Aussi, au-delà de l’histoire qui est racontée, Sow Fall emmène son lecteur à la découverte des magnifiques régions du Sénégal, bien loin de la capitale. Il y a, bien entendu, la ville de Saint-Louis la bleue qui exhale la lumière et la paix ; une pièce d’azur sertie dans l’océan, enrobée de zéphyr, nourrie de la clameur des flots à l’unisson p22 qui est chantée à maintes reprises. Il y a aussi le Saalum, Diaminar, Kajoor, puis Louga, l’immense ville de sable, d’arbres et de soleil… p129. De plus, la romancière met en vedette les saveurs du terroir comme le conkom, boisson obtenue de la sève du rônier. On l’aura compris, la langue ici est poétique, délicate, même si le sujet est grave. Le roman est rythmé par les chants d’éloge des lutteurs aux torses superbes couverts de lait caillé.

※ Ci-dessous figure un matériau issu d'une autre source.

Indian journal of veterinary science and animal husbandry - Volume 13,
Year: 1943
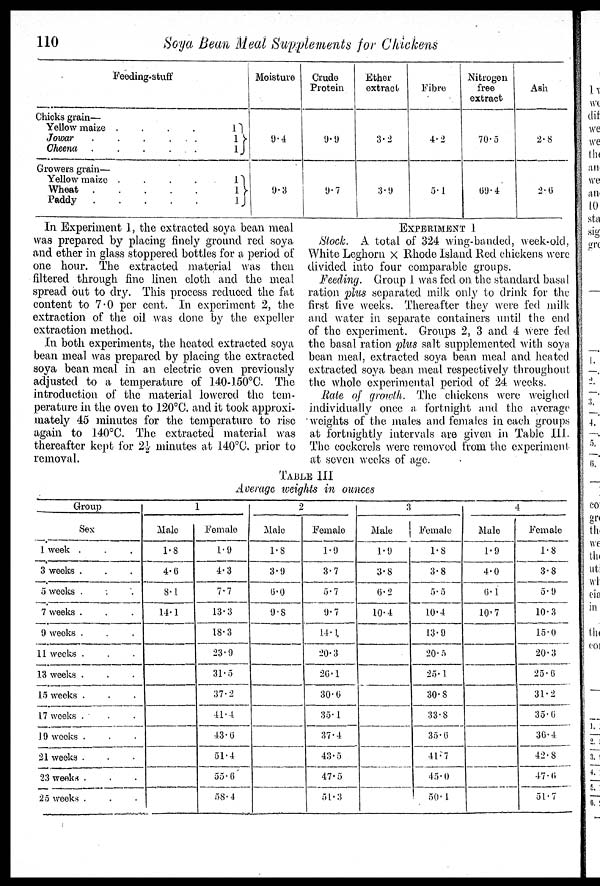
110
Soya Bean Meal Supplements for Chickens
Feeding-stuff
Chicks grain—
Yellow maize
....
Jowar
...
Cheena
Growers grain—
Yellow maize
....
Wheat
Paddy
1
1 }
1
1
1}
1
Moisture
9.4
9.3
Crude
Protein
9.9
9.7
Ether
extract
3.2
3.9
Fibre
4.2
5.1
Nitrogen
free
extract
70.5
69.4
Ash
2.8
2.6
In Experiment 1, the extracted soya bean meal
was prepared by placing finely ground red soya
and ether in glass stoppered bottles for a period of
one hour. The extracted material was then
filtered through fine linen cloth and the meal
spread out to dry. This process reduced the fat
content to 7.0 per cent. In experiment 2, the
extraction of the oil was done by the expeller
extraction method.
In both experiments, the heated extracted soya
bean meal was prepared by placing the extracted
soya bean meal in an electric oven previously
adjusted to a temperature of 140-150°C. The
introduction of the material lowered the tem-
perature in the oven to 120°C. and it took approxi-
mately 45 minutes for the temperature to rise
again to 140°C. The extracted material was
thereafter kept for 2½ minutes at 140°C. prior to
removal.
EXPERIMENT 1
Stock. A total of 324 wing-banded, week-old,
White Leghorn × Rhode Island Red chickens were
divided into four comparable groups.
Feeding. Group 1 was fed on the standard basal
ration plus separated milk only to drink for the
first five weeks. Thereafter they were fed milk
and water in separate containers until the end
of the experiment. Groups 2, 3 and 4 were fed
the basal ration plus salt supplemented with soya
bean meal, extracted soya bean meal and heated
extracted soya bean meal respectively throughout
the whole experimental period of 24 weeks.
Rate of growth. The chickens were weighed
individually once a fortnight and the average
weights of the males and females in each groups
at fortnightly intervals are given in Table III.
The cockerels were removed from the experiment
at seven weeks of age.
TABLE III
Average weights in ounces
Group
Sex
1 week . . .
3 weeks . . .
5 weeks . . .
7 weeks . . .
9 weeks . . .
11 weeks . . .
13 weeks . . .
15 weeks . . .
17 weeks . . .
19 weeks . . .
21 weeks . . .
23 weeks . . .
25 weeks . . .
1
Male
1.8
4.6
8.1
14.1
Female
1.9
4.3
7.7
13.3
18.3
23.9
31.5
37.2
41.4
43.6
51.4
55.6
58.4
2
Male
1.8
3.9
6.0
9.8
Female
1.9
3.7
5.7
9.7
14.1
20.3
26.1
30.6
35.1
37.4
43.5
47.5
51.3
3
Male
1.9
3.8
6.2
10.4
Female
1.8
3.8
5.5
10.4
13.9
20.5
25.1
30.8
33.8
35.6
41.7
45.0
50.1
4
Male
1.9
4.0
6.1
10.7
Female
1.8
3.8
5.9
10.3
15.0
20.3
25.6
31.2
35.6
36.4
42.8
47.6
51.7

Il est bercé par la clameur, tantôt diffuse, tantôt grondante des arènes.
Connaître son père
Alors, finalement, qui prend soin des enfants quand père et mère sont de nos jours tous si occupés ? L’écrivaine semble proposer une tentative de réponse par le biais du dénouement de cette histoire : les parents devraient, malgré toutes leurs charges professionnelles et sociales, dégager du temps pour leur progéniture. Aussi, met-elle en débat la place des grands-parents, ces ascendants parfois abandonnés, alors qu’on voit bien dans l’œuvre, le rôle charnière joué par Mame Fari dans l’éducation du petit Nalla. La résolution prise par Ndiogou, le père de Nalla, de se consacrer à aider son fils à faire ses devoirs, à la fin de l’œuvre, est certainement le prix à payer, pour qu’enfin, l’homme connaisse son père. Intimement. Qu’il le comprenne enfin. Et qu’il l’accompagne sereinement sur le chemin de la vie.

En définitive, l’autrice nous donne à lire une vision vertigineuse, voire merveilleuse de cette Afrique des veillées de contes au clair de lune, de l’éducation au contact de la nature, de la vie en communauté, des longues processions initiatiques des nouveaux circoncis, cette Afrique de la Cosaan (tradition), dont on dirait bien qu’elle se meurt. Et c’est son requiem qu’elle chante, comme dans une tentative désespérée de la ranimer par le biais de la lutte. La lutte, comme pour exorciser la perdition des gens, le bruit du tam-tam en écho au cri du poète affirmant qu’il est temps de se ceindre les reins comme un vaillant homme (Césaire), l’appel des arènes, tel l’ultime exhortation à préserver ce qui peut encore l’être de cette Afrique légendaire, avant qu’il ne soit trop tard, peut-être. Car sans doute, L’aliénation est assurément la plus grande mutilation que puisse subir un homme p85.